Hickey eventually launched into a litany of who is useful on an intellectual level: Pierce, Pater, Ruskin (he found Derrida useless). He springboards from this list to describe the process of seeing. The prof mentions the ubiquitous John Berger, who is very matter of fact and not so useful.

da Vinci: just a guy with an eye ... but what an eye!

Hickey obviously does not want to go down that eight-lane highway of academic platitudes. I jump in: "really, it's so much older than all that; how about da Vinci's description of a 'kingdom of the eye' – it predates Bacon and works better than all the postmodern dissecting tables. Leonardo's shield had an effect, not just an anatomy-lesson quality."

Hickey quickly turns to me, no longer in defensive stump-speech mode, "that's the guy ..."

Hickey seems to be both pleased and pissed. I know the feeling.

Since his death in 1519, Leonardo is still freaking people out, having eaten our lunch already in so many ways. And I wasn't interested in testing Hickey or myself, but it was interesting to note what makes people feel a day late and a dollar short.

5) Being famished and eating two full entrée dinners and splitting a bottle of wine with Jack Daws, Matthew Picton and Ephraim Russell the weekend before The Best Coast show opened. The conversation is great, with a wide-ranging discourse over Aristotle's assertion that all great art must be ambivalent (Plato didn't even think art was useful). We decide Aristotle's idea does not work for 2003.

"Power Nap": a painting I completed on site at The Best Coast; a kind of daydream of a painting that evolves past white walls.

Somehow, the question of the core human experience implied connected interaction with one's universe, not an idealization or segregation of it. Maybe a different humanism is necessary today ... one which helps facilitate empathy between unrelated things, like Picton's manmade sculptures of natural forms or Russell's useless but fascinating ergonomic objects.

We were all talking about design with empathic acknowledgement of both the human and the other built into it. I guess that instead of modernism, it is something cultivating attachment – not the throwaway snarkiness of ambivalent culture.

It is not all pure utility or consumer choice. There can be attachment and loyalty, too.

In one wild moment someone asks, "so did Aristotle lay the groundwork for the ambivalent consumerism of fast food?" We staggered back to the exhibition space in an industrial wasteland of warehouses that will some day be very developed.

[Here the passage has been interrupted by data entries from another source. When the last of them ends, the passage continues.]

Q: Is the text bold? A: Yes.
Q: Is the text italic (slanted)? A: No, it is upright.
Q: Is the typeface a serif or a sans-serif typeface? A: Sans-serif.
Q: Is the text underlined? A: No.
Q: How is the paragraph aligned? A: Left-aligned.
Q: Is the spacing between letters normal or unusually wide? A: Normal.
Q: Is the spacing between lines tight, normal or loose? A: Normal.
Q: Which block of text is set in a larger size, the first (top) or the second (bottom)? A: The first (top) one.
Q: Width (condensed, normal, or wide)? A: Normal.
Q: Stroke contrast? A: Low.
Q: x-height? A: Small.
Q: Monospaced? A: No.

Artists get there first and now the city's best restaurant, clarklewis, is in the building that only 10 months ago housed The Best Coast.

I am glad the restaurant carries forth the same theme of elegance coming from an acknowledged rough industrial interior and a very matter-of-fact presentation and bit-by-bit sampling of very high-quality food. The Best Coast did the same with art, somewhere between a studio visit and a farmers market with marfa-esque elegance. It’s about essentials, not the trappings.

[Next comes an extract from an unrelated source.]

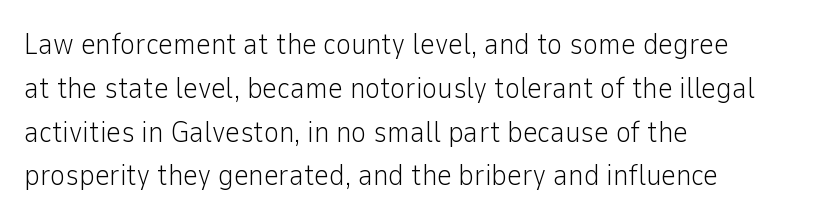
{"serif": "no", "italic": "no", "bold": "no", "weight": "light", "width": "normal", "stroke_contrast": "low", "x_height": "medium", "monospaced": "no", "underline": "no", "align": "left", "line_spacing": "normal", "line_spacing_ratio": 1.51, "letter_spacing": "normal", "letter_spacing_em": 0.0, "glyph_px": 29}

What I have learned: It's better to test outside the bell curve and let 'em just try to figure out if you are either very stupid or very strategic.

What I've also learned is that, far from just a bunch of ironists or pageantry mongers, artists create and catalyze culture. Maybe they don't invent it, but artists facilitate and catalyze the distinction between a subsistence human settlement and an outpost of civilization where mankind's philosophy and the universe's unknown remain in constant, conversant flux.

Artists worth remembering take the atmosphere around them and alter it. Under the right circumstances (usually a few artists doing their own thing) the climate changes become more lasting.

It isn’t done by committee or with buildings, but with statements by individuals who simply won't accept what is already out there.